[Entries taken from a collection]
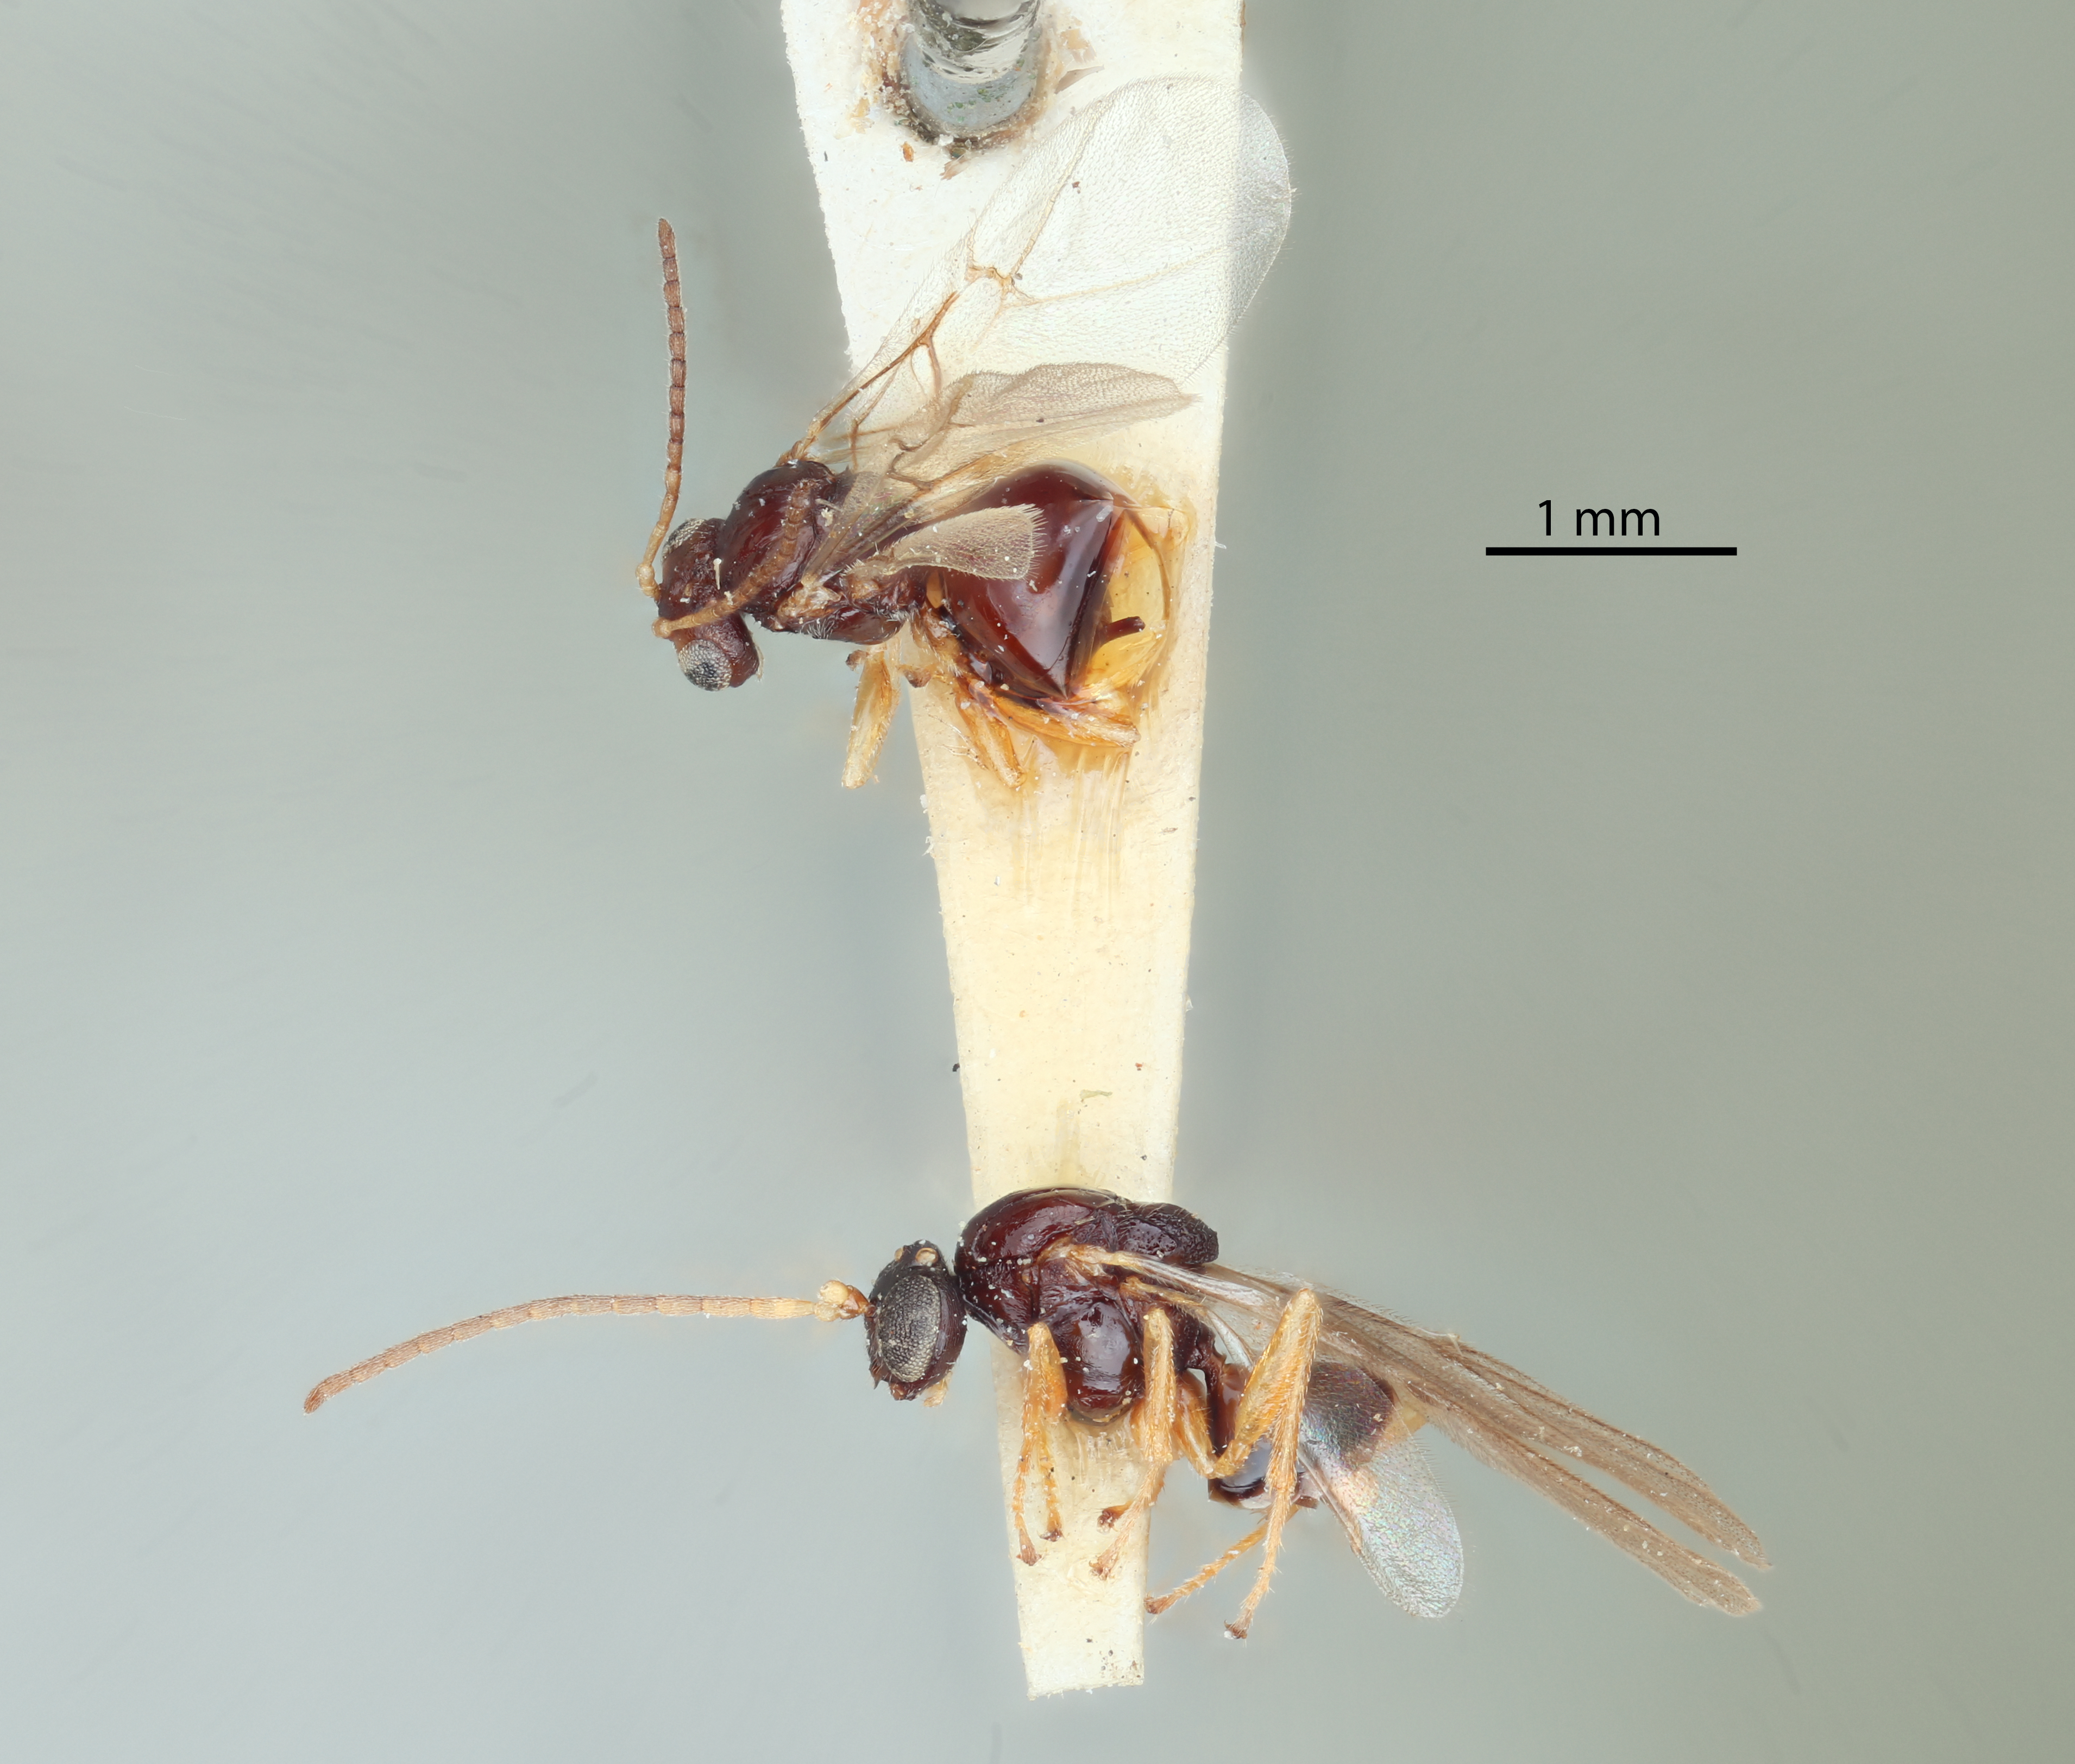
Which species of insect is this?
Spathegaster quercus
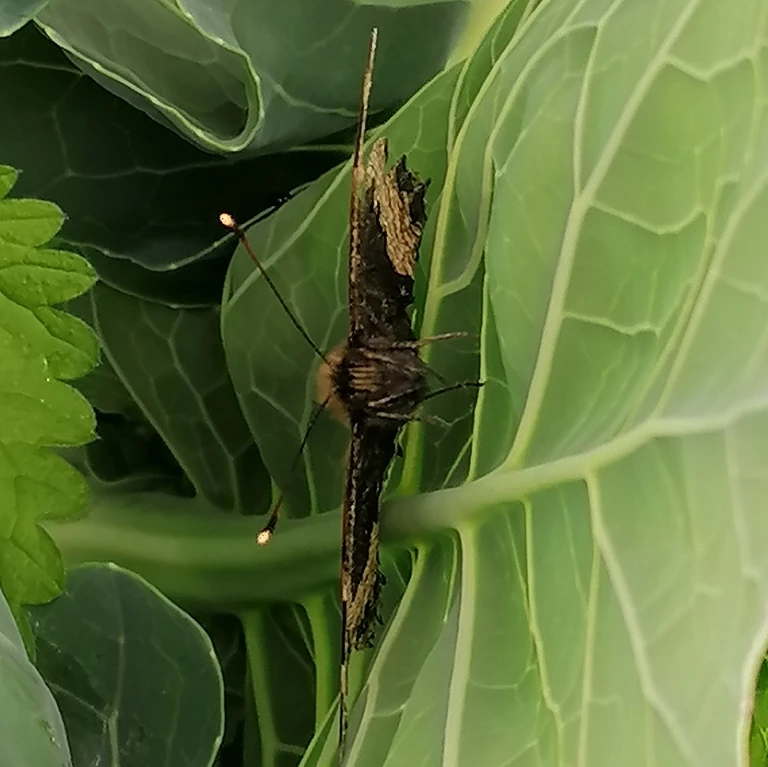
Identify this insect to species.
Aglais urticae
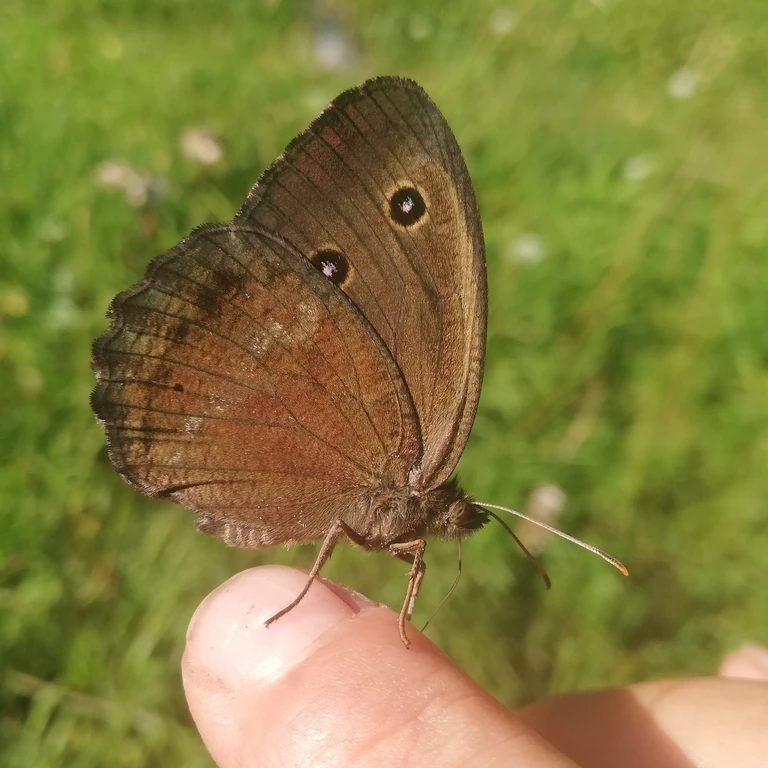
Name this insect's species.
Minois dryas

(THE TASK):
A word-for-word copy is required of the lines above from the line with "Identify this insect to species." through the last line of the data; no other lines and no pictures belong in it.

(RESPONSE TO THE EXERCISE):
Identify this insect to species.
Aglais urticae
Name this insect's species.
Minois dryas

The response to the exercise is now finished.